Harry moves in with his son Burt played interestingly guarded by Philip Bruns. The back story between Burt and his father is not developed but is shown through Bruns’ performance and the fascinating way that writer/director Paul Mazursky and co-writer Josh Greenfeld create their dialogue and develop the relationship between Burt and his own family. The term dysfunctional is thrown around a lot in the description of cinematic families, but Burt’s family absolutely fits that definition in this crooked family portrait. His children, albeit almost grown-up, are severely affected by their generation and Burt’s disconnection from their culture. The dinner scene that depicts this rift is intensely affecting.

Burt’s son Norman (Josh Mostel) is especially lost. Paul Dano’s character Duane Hoover in 2006’s “Little Miss Sunshine” owes a lot to Mostel’s performance. Like Duane, Norman has taken a vow of silence due to his misguided views of drugs and their even more misguided association to Zen religions. Norman is constantly discouraged in his search for himself. However, Norman is not too misplaced in the world, especially when he develops his relationship with his grandfather. Harry wakes up in the middle of the night and in a very touching scene, he comforts Norman by simply taking interest.

Feeling trapped Harry picks up Tonto and sets off across country to see his other children. He shares a very warm goodbye with his son (a truly heartbreaking character) and enters the airport ready to set off. Unfortunately his inability to part with his cat and his distrustful relationship with law sends him back out the door and into a cab. The cabbie takes him to the bus station where he sets off for Chicago. Again, Harry’s trip becomes delayed when he gets off the bus to let Tonto relieve himself who then runs off. The bus leaves, and Harry must find his way to Chicago by other means. He buys a car for the low price of $250 (showing the age of the film) and finally finds his way to the Windy City.

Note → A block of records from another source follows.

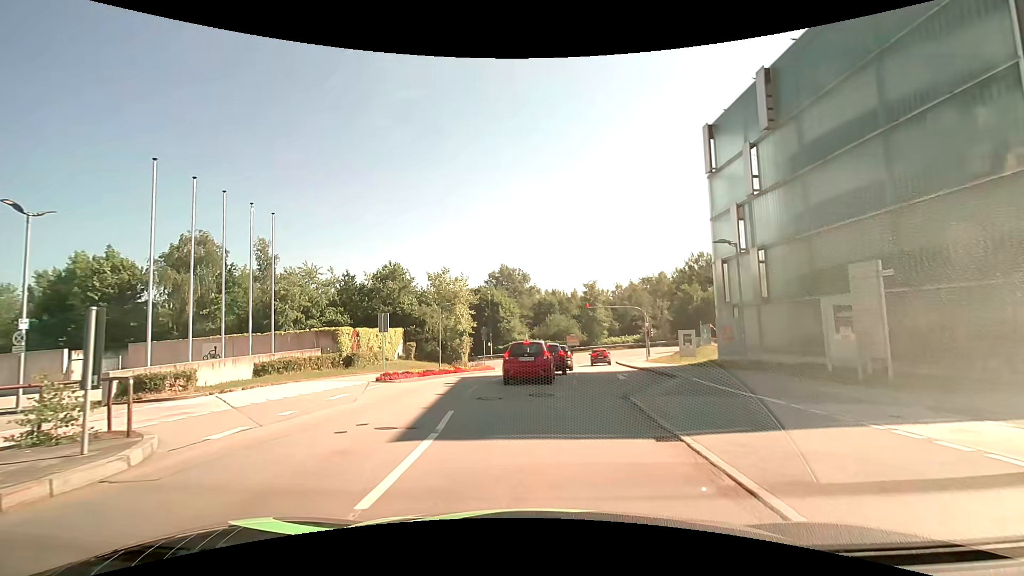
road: residential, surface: asphalt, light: Day
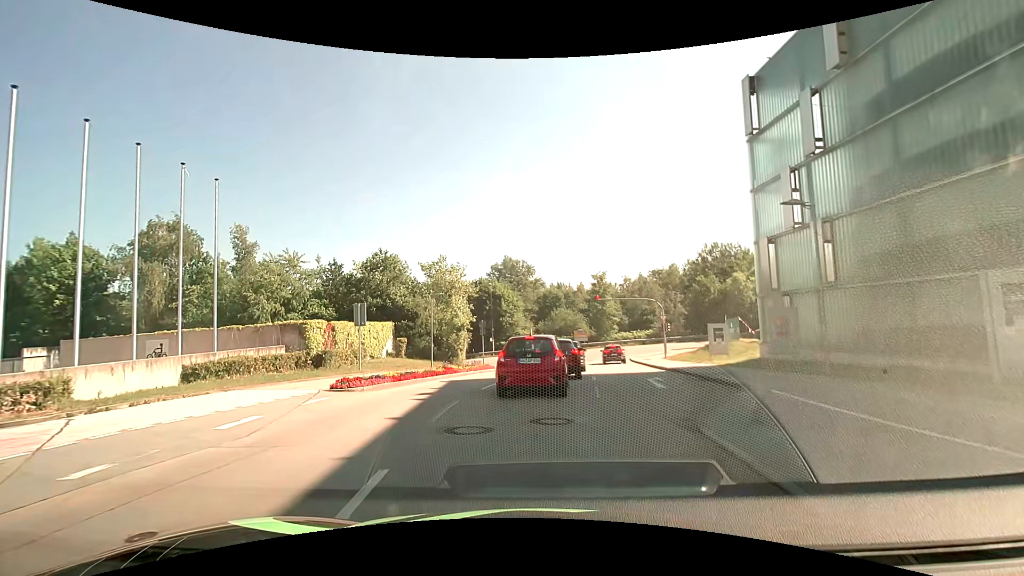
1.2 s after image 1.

On the way to Chicago, Harry picks up an oddball 16-year-old named Ginger (Melanie Mayron in her debut film role). Harry is incredibly dialed into the younger generation. As mentioned before Harry makes an interesting connection with Norman, but it is his relationship with Ginger that is especially intriguing. She brings out his youth, a side he has obviously not seen in years. She is adorably naive, and brings out Harry’s spirit and truly engages him. During their hotel stay, Ginger gets Harry to talk about his life before Annie. Harry describes his first love Jessie Stone, a free-spirited woman who he had loved very much until she left him for Isadora Duncan. This back-story is what realizes Harry’s ability to connect with Ginger and Norman. These two are children of the sixties and seventies, a very sexual era. Harry himself is not unaware of this time period, as he has now admitted that he was part of the roaring twenties. He understands much more than the stiff 1940s parental units that these two have been stuck under and break free from.

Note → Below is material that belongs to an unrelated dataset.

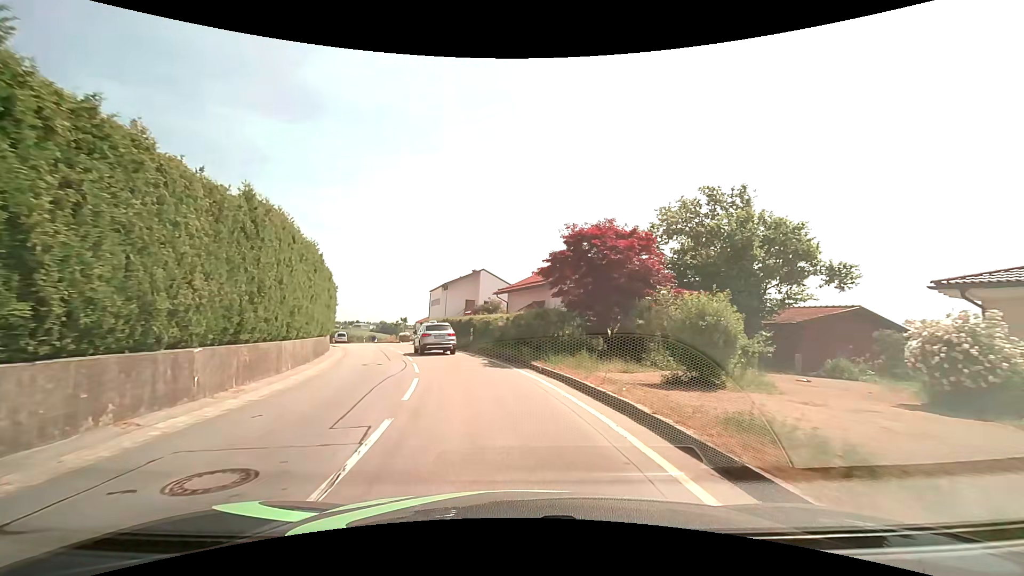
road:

This conversation leads to the most moving scene in the film. Ginger persuades Harry to go visit Jessie, who is played by Hollywood legend Geraldine Fitzgerald (“Wuthering Heights”). In a very funny sequence that precedes the unwavering tears that follow, Harry finds the wrong Jessie Stone in an overweight black woman who he has never set eyes on. But he soon finds the real Jessie who hasn’t had a visitor in years in the geriatric home and she suffers from Alzheimer’s disease. Jessie can only remember certain things, but not the most important. Fortunately, Harry’s new appreciation for life brought upon by this road trip tells him exactly what to do. He picks her up and graciously dances with her, creating one of the warmest scenes I’ve ever seen on screen.

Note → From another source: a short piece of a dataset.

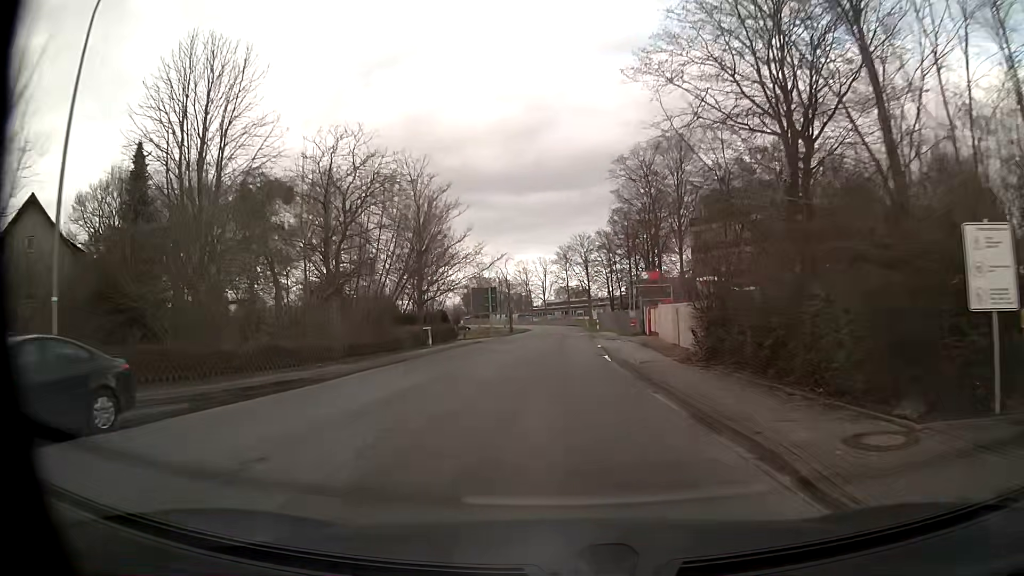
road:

The rest of the film creates a full circle in terms of the Coombes family. Harry meets his daughter Shirley (Ellen Burstyn) and Eddie (Larry Hagman). Shirley’s relationship with her father is obviously the harshest out of the three children. But she truly loves her father, even though she doesn’t always necessarily like him. Burstyn (who won an Oscar the same year for another film, “Alice Doesn’t Live Here Anymore”) only has a few scenes, but her talent shines through and she fits oddly into the Coombes family. The scene introducing Shirley also brings the return of Norman. He is now speaking, and has visibly found himself after separating himself as far as he can from his discouraging mother and father. We meet a more contented Norman, and we feel even happier when he finds a mutual attraction to Ginger. Their relationship blossoms, and when they leave the screen we hardly feel bad for either of them.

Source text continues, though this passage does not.